Series on Police Brutality Killings: Part 2

The first step in reforming police behavior is to show that there is an issue that needs to be reformed.  This part of the Series on Police Brutality Killings focuses on the charges and legal issues stemming from each of the recent killings by law enforcement officers.  In the George Floyd case, Officer Chauvin was originally charged with third-degree murder and second-degree manslaughter.  Two days later, after the Minnesota AG took over the case, the charges were amended to include unintentional second-degree murder under the felony-murder doctrine.  The other three officers involved in the death of Mr. Floyd were charged with aiding and abetting second-degree murder.

In the Breonna Taylor case, none of the officers were charged; however, what stemmed from this incident was a legislative change regarding no-knock warrants.  In June 2020, Democratic legislators introduced the Justice in Policing Act of 2020.  This bill looked at making changes to eradicate police misconduct, excessive force, and the implicit racial bias police have because of their job.  This bill also prohibits no-knock warrants for certain situations.  Kentucky Senator Rand Paul introduced the Justice for Breonna Taylor Act, and Louisville voted to prohibit no-knock warrants, also requiring officers to wear body cams for any warrants that are served. 

Initially, there were no charges filed in the Amhaud Arbery case for either of the McMichaels or Bryan.  After the Cobb County DA’s office took over the case, Travis and Gregory McMichael were charged with felony murder and aggravated assault. Ten days later, Bryan was charged with felony murder and attempted false imprisonment.  

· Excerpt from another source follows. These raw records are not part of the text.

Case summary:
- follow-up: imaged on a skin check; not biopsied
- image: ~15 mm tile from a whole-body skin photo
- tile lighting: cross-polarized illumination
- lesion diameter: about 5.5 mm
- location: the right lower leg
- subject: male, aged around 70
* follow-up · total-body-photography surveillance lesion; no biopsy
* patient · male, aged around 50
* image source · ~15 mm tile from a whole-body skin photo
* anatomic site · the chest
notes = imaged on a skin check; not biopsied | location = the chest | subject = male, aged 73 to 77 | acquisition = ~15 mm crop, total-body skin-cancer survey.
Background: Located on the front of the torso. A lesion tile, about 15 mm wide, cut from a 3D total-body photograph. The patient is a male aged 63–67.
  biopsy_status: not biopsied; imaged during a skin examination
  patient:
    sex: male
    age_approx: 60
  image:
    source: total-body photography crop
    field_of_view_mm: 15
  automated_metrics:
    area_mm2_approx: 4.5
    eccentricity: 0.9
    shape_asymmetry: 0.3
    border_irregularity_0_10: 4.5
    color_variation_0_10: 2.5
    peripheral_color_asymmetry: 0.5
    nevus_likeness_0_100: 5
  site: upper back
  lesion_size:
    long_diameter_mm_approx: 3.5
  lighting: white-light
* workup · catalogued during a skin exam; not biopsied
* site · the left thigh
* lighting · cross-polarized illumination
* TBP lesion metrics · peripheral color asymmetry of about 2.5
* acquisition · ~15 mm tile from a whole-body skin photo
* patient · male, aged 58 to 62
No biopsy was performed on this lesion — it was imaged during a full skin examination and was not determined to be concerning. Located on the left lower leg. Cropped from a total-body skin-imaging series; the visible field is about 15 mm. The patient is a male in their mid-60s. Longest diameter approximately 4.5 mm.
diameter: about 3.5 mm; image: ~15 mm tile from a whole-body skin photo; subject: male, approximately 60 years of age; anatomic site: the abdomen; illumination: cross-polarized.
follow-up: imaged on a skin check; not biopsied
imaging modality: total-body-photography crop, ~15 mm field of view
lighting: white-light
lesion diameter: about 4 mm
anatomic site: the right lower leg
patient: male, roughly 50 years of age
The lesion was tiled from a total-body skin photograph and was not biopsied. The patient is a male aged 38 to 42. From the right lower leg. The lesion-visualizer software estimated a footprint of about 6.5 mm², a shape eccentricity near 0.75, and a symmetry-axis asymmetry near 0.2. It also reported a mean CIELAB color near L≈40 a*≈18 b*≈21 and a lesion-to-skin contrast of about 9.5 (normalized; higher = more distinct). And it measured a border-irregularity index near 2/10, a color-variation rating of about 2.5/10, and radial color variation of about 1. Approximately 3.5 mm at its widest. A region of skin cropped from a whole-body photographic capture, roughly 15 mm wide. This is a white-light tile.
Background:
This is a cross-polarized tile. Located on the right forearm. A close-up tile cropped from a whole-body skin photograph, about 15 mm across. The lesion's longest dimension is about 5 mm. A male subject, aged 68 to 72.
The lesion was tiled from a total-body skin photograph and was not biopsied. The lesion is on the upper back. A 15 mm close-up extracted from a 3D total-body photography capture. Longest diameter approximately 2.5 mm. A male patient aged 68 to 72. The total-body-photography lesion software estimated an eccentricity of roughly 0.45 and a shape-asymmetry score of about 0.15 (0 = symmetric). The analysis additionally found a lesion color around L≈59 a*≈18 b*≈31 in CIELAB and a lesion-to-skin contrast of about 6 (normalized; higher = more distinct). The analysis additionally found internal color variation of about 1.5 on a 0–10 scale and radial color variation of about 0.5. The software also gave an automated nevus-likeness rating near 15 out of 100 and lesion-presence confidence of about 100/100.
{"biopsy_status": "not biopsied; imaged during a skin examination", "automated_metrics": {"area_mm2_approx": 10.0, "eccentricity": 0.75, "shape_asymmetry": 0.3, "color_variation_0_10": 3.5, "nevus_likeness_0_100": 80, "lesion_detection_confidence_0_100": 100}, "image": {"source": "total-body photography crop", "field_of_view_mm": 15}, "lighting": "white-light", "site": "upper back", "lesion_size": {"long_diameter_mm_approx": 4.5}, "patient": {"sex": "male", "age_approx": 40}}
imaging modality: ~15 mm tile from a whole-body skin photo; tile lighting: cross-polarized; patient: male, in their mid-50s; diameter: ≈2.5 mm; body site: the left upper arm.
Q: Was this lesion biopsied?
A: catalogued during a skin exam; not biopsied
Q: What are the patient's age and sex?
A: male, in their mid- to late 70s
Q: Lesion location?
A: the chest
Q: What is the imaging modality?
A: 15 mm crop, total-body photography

Lastly, in the Brooks case, Officer Rolfe was charged with felony murder, five counts of aggravated assault, four police oath violations, and damage to property.  Officer Brosnan was charged with aggravated assault and two counts of violation of oath.  Atlanta Mayor Keisha Lance Bottoms ordered the Atlanta Police Department to overhaul their policies regarding use-of-force.                 

In each of these cases, there is an underlying issue that needs attention.  Law enforcement officer training and decision making are problematic in police-citizen interactions.  Some of the first issues that protestors demanded and legislations began to do something about was how law enforcement moves up the use of force ladder.  Use of force is supposed to be “the amount of effort required by police to compel compliance by an unwilling subject.” This is something that each state and police department is going to have to address in order to make effective change.  Hopefully, it is something that will be changed in the near future.